= Erica Plambeck =

American operations researcher

Erica L. Plambeck is an American operations researcher specializing in supply chain management and environmental sustainability. She is Charles A. Holloway Professor of Operations, Information & Technology in the Stanford Graduate School of Business, professor in the Stanford University Department of Civil & Environmental Engineering, senior fellow in the Stanford Woods Institute for the Environment, and the 2022–2023 Dhirubhai Ambani Faculty Fellow in Entrepreneurship at Stanford University.

==Education and career==
Plambeck majored in industrial engineering and mathematics at the University of Wisconsin–Madison, graduating in 1994. After traveling to England as a Marshall Scholar and earning a master's degree in management studies at the University of Cambridge and a diploma in economics at the London School of Economics, she returned to the US for doctoral study in engineering economic systems and operations research at Stanford University, where she completed her Ph.D. in 2000. Her dissertation, Dynamic Incentive Problems in Operations Management, was jointly supervised by Stefanos Zenios and Stephen M. Robinson.

She became an assistant professor in the Stanford Graduate School of Business in 2000, affiliated with its program in Operations, Information & Technology.
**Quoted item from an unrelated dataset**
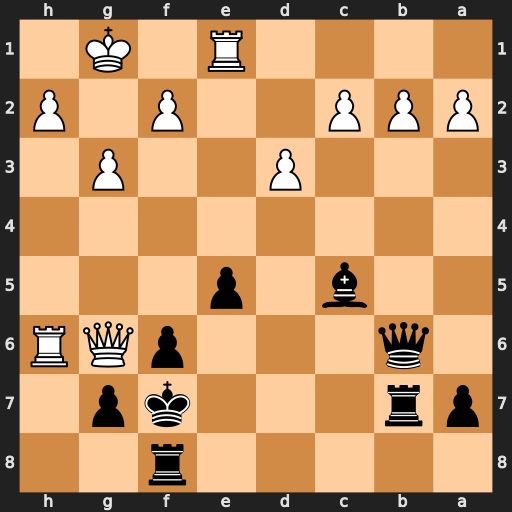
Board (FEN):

There, she became a full professor in 2005, was named Walter Kenneth Kilpatrick Professor in 2010, and was named Charles A. Holloway Professor in 2015. She also holds an affiliation as professor in Stanford's Department of Civil & Environmental Engineering, part of both the Stanford University School of Engineering and Stanford Doerr School of Sustainability.

==Recognition==
Plambeck was a 2003 recipient of the Presidential Early Career Award for Scientists and Engineers, "for applying innovative approaches to optimize real-time information for industrial issues such as movement in the supply chain, and dynamic control of pricing and production". The Aspen Institute gave Plambeck a Faculty Pioneer Award in 2005.